Items from a dataset
┌──

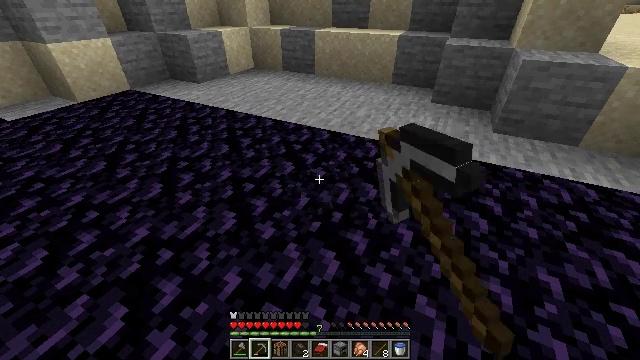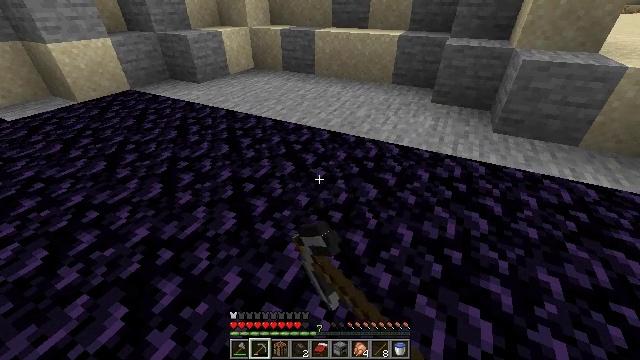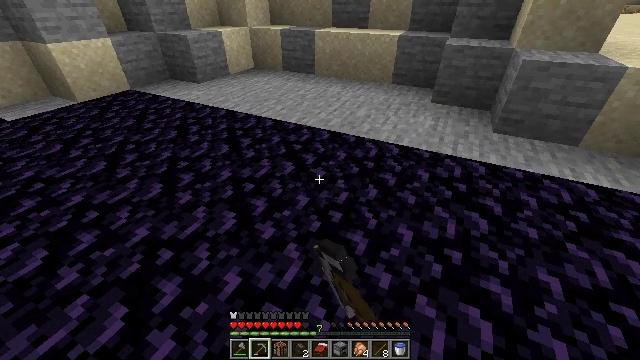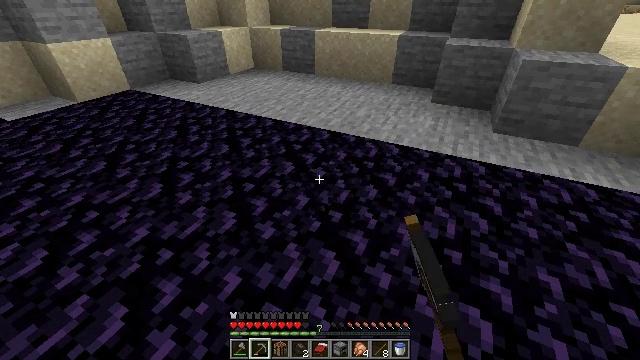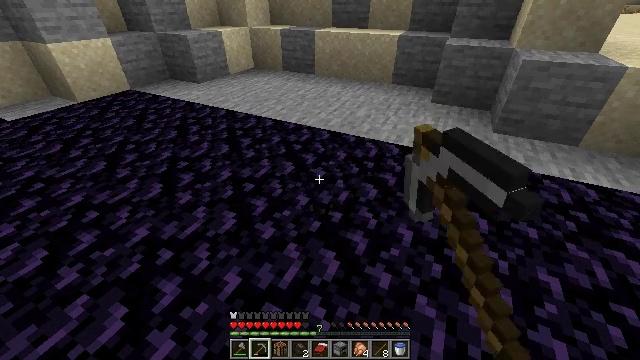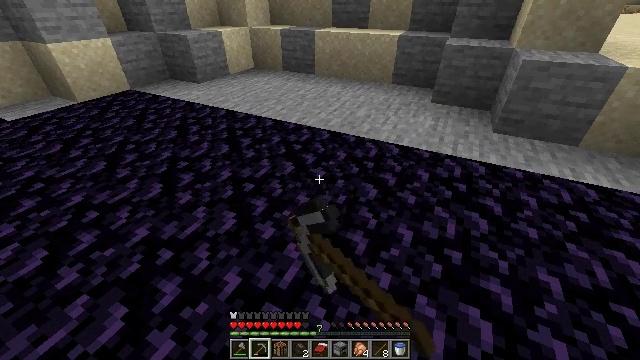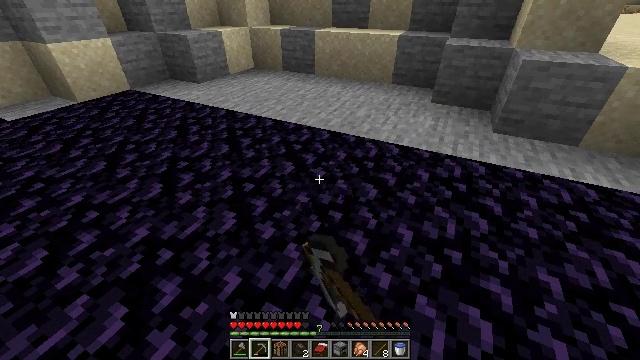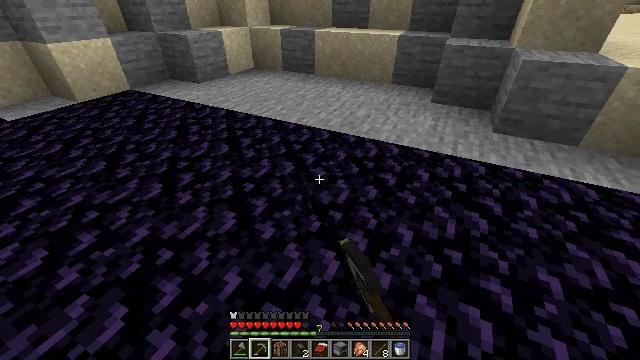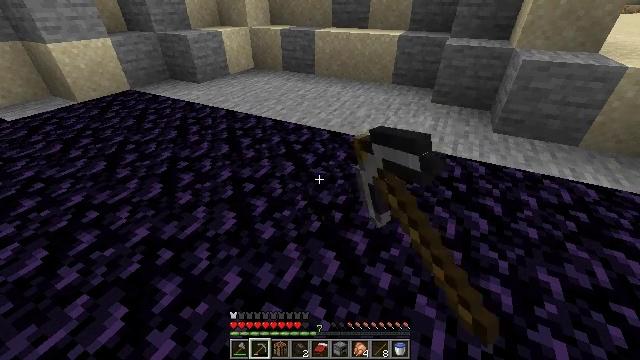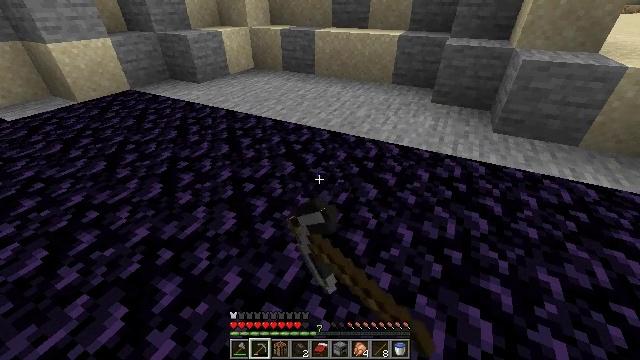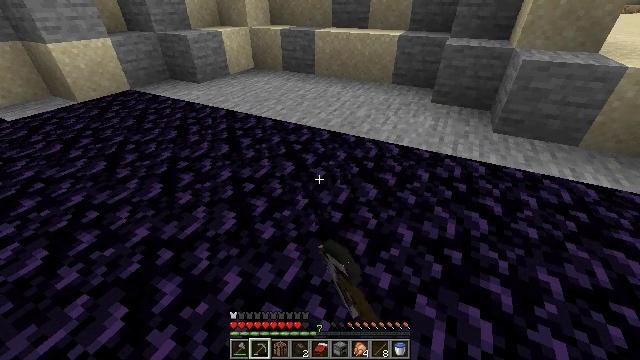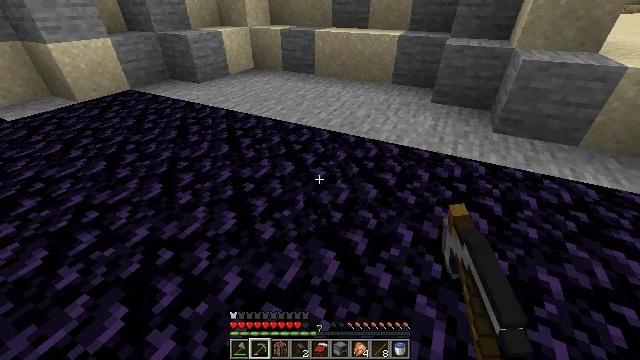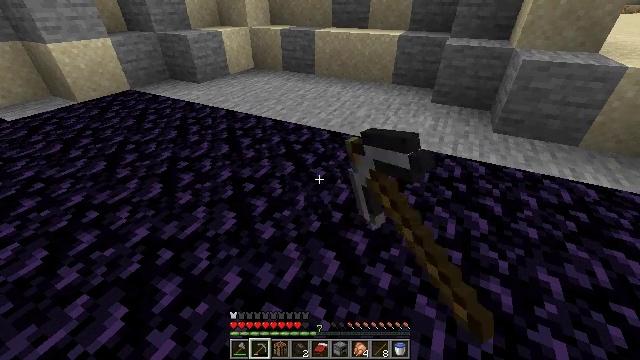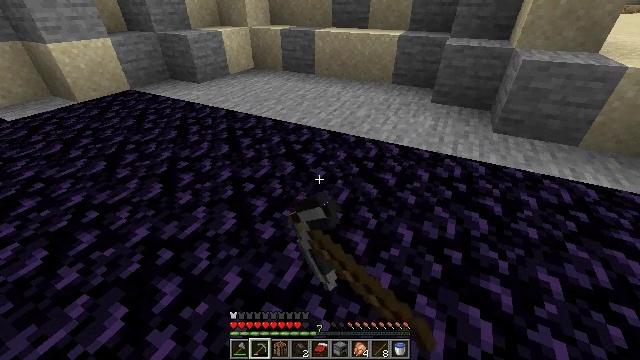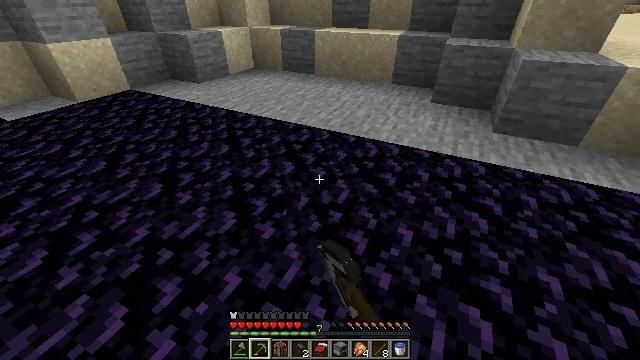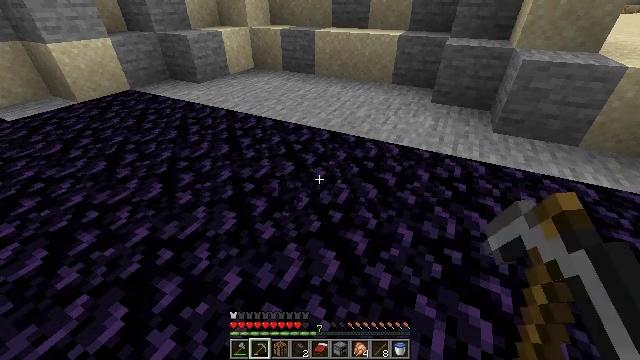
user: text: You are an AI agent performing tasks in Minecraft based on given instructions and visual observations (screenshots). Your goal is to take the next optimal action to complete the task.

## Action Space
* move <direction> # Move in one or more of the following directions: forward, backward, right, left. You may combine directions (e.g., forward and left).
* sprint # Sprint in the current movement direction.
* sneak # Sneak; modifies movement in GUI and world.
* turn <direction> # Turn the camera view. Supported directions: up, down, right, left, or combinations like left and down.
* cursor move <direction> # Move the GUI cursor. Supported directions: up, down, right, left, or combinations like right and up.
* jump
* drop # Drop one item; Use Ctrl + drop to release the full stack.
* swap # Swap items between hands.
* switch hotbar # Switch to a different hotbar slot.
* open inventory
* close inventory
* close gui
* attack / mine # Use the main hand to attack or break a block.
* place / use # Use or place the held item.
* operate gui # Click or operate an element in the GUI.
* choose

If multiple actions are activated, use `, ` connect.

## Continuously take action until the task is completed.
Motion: motion action
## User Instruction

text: Remove a rose bush from the inventory.
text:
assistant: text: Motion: attack / mine
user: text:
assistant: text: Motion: attack / mine
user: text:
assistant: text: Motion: attack / mine
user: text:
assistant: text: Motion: attack / mine
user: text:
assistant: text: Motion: attack / mine
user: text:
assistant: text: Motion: attack / mine
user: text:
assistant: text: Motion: attack / mine
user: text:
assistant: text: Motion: attack / mine
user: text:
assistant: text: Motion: attack / mine
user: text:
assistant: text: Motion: attack / mine
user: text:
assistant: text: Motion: attack / mine
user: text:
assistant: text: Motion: attack / mine
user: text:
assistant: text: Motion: attack / mine
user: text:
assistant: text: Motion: attack / mine
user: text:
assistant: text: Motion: attack / mine
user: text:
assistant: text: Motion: attack / mine
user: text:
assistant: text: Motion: attack / mine
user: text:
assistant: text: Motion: attack / mine
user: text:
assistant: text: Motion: attack / mine
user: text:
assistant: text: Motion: attack / mine
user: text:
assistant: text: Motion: attack / mine
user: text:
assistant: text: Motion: attack / mine
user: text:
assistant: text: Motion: attack / mine
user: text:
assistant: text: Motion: attack / mine
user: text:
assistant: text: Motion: attack / mine
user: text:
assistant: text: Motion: attack / mine
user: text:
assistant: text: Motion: attack / mine
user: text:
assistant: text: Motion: attack / mine
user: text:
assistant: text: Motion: attack / mine
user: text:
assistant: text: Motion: attack / mine
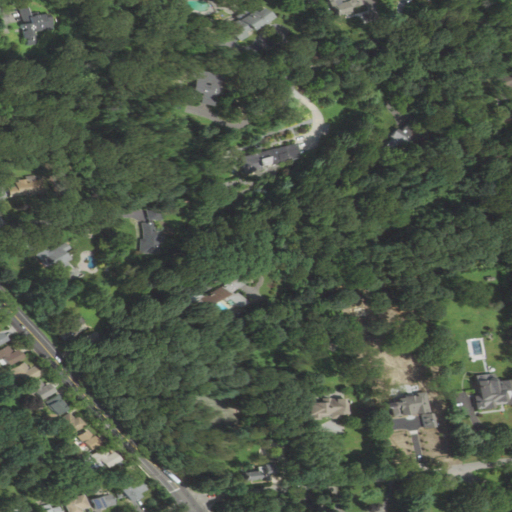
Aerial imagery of cape in New York named Manhasset Neck containing open development, deciduous forest, mixed forest, low intensity development, and medium intensity development
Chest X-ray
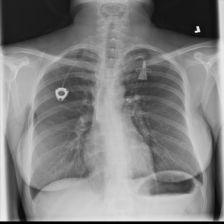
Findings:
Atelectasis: negative
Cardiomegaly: negative
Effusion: negative
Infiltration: negative
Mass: negative
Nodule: negative
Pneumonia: negative
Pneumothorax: negative
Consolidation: negative
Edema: negative
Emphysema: negative
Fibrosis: negative
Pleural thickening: negative
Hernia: negative
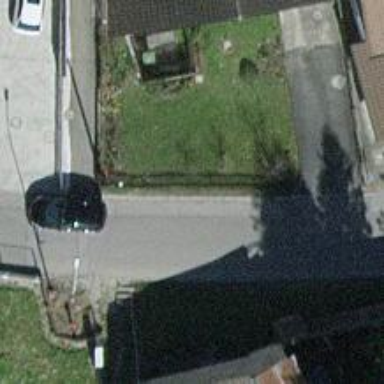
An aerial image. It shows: Paved steps.
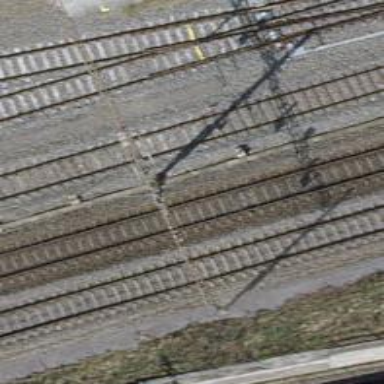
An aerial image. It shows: Rail yard with electrified rails and single track.
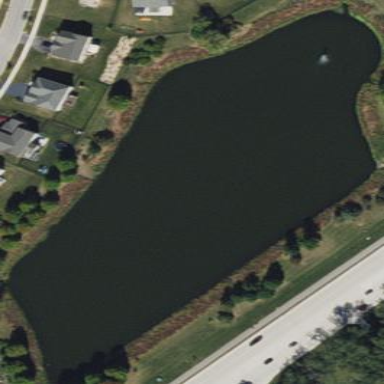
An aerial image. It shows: Serene pond surrounded by nature.
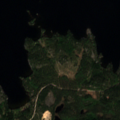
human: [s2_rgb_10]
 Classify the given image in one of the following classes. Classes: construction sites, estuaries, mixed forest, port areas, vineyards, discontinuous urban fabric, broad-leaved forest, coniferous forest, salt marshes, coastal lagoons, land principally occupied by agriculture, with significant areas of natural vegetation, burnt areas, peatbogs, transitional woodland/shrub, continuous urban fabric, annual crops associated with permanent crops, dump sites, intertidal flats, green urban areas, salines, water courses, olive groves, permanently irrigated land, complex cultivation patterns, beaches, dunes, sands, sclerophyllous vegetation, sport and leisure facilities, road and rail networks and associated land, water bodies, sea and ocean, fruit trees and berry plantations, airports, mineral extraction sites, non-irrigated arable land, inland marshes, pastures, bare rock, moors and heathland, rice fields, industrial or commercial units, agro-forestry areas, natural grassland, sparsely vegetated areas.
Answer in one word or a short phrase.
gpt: coniferous forest, mixed forest, water bodies
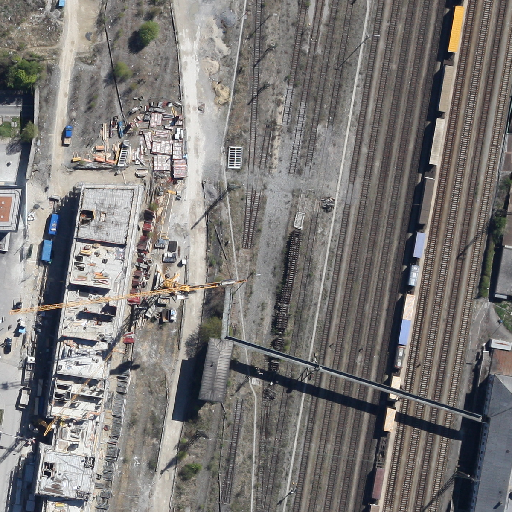
Referring expression: paved road
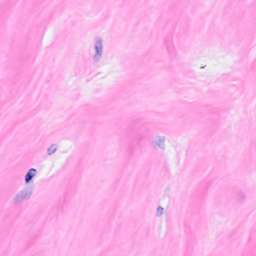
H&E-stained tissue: Breast
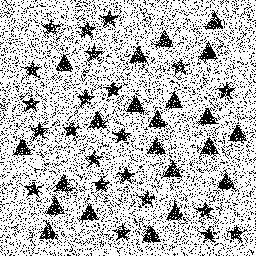
Squares: 0
Triangles: 22
Stars: 22
Total shapes: 44
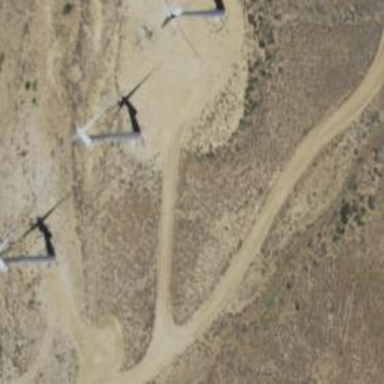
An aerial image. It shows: Wind power generator employing wind turbines.

└──

Your instructions:
The records above should be retyped in full and exactly; omit the pictures.

Response area:
user: text: You are an AI agent performing tasks in Minecraft based on given instructions and visual observations (screenshots). Your goal is to take the next optimal action to complete the task.

## Action Space
* move <direction> # Move in one or more of the following directions: forward, backward, right, left. You may combine directions (e.g., forward and left).
* sprint # Sprint in the current movement direction.
* sneak # Sneak; modifies movement in GUI and world.
* turn <direction> # Turn the camera view. Supported directions: up, down, right, left, or combinations like left and down.
* cursor move <direction> # Move the GUI cursor. Supported directions: up, down, right, left, or combinations like right and up.
* jump
* drop # Drop one item; Use Ctrl + drop to release the full stack.
* swap # Swap items between hands.
* switch hotbar # Switch to a different hotbar slot.
* open inventory
* close inventory
* close gui
* attack / mine # Use the main hand to attack or break a block.
* place / use # Use or place the held item.
* operate gui # Click or operate an element in the GUI.
* choose

If multiple actions are activated, use `, ` connect.

## Continuously take action until the task is completed.
Motion: motion action
## User Instruction

text: Remove a rose bush from the inventory.
text:
assistant: text: Motion: attack / mine
user: text:
assistant: text: Motion: attack / mine
user: text:
assistant: text: Motion: attack / mine
user: text:
assistant: text: Motion: attack / mine
user: text:
assistant: text: Motion: attack / mine
user: text:
assistant: text: Motion: attack / mine
user: text:
assistant: text: Motion: attack / mine
user: text:
assistant: text: Motion: attack / mine
user: text:
assistant: text: Motion: attack / mine
user: text:
assistant: text: Motion: attack / mine
user: text:
assistant: text: Motion: attack / mine
user: text:
assistant: text: Motion: attack / mine
user: text:
assistant: text: Motion: attack / mine
user: text:
assistant: text: Motion: attack / mine
user: text:
assistant: text: Motion: attack / mine
user: text:
assistant: text: Motion: attack / mine
user: text:
assistant: text: Motion: attack / mine
user: text:
assistant: text: Motion: attack / mine
user: text:
assistant: text: Motion: attack / mine
user: text:
assistant: text: Motion: attack / mine
user: text:
assistant: text: Motion: attack / mine
user: text:
assistant: text: Motion: attack / mine
user: text:
assistant: text: Motion: attack / mine
user: text:
assistant: text: Motion: attack / mine
user: text:
assistant: text: Motion: attack / mine
user: text:
assistant: text: Motion: attack / mine
user: text:
assistant: text: Motion: attack / mine
user: text:
assistant: text: Motion: attack / mine
user: text:
assistant: text: Motion: attack / mine
user: text:
assistant: text: Motion: attack / mine
Aerial imagery of cape in New York named Manhasset Neck containing open development, deciduous forest, mixed forest, low intensity development, and medium intensity development
Chest X-ray
Findings:
Atelectasis: negative
Cardiomegaly: negative
Effusion: negative
Infiltration: negative
Mass: negative
Nodule: negative
Pneumonia: negative
Pneumothorax: negative
Consolidation: negative
Edema: negative
Emphysema: negative
Fibrosis: negative
Pleural thickening: negative
Hernia: negative
An aerial image. It shows: Paved steps.
An aerial image. It shows: Rail yard with electrified rails and single track.
An aerial image. It shows: Serene pond surrounded by nature.
human: [s2_rgb_10]
 Classify the given image in one of the following classes. Classes: construction sites, estuaries, mixed forest, port areas, vineyards, discontinuous urban fabric, broad-leaved forest, coniferous forest, salt marshes, coastal lagoons, land principally occupied by agriculture, with significant areas of natural vegetation, burnt areas, peatbogs, transitional woodland/shrub, continuous urban fabric, annual crops associated with permanent crops, dump sites, intertidal flats, green urban areas, salines, water courses, olive groves, permanently irrigated land, complex cultivation patterns, beaches, dunes, sands, sclerophyllous vegetation, sport and leisure facilities, road and rail networks and associated land, water bodies, sea and ocean, fruit trees and berry plantations, airports, mineral extraction sites, non-irrigated arable land, inland marshes, pastures, bare rock, moors and heathland, rice fields, industrial or commercial units, agro-forestry areas, natural grassland, sparsely vegetated areas.
Answer in one word or a short phrase.
gpt: coniferous forest, mixed forest, water bodies
Referring expression: paved road
H&E-stained tissue: Breast
Squares: 0
Triangles: 22
Stars: 22
Total shapes: 44
An aerial image. It shows: Wind power generator employing wind turbines.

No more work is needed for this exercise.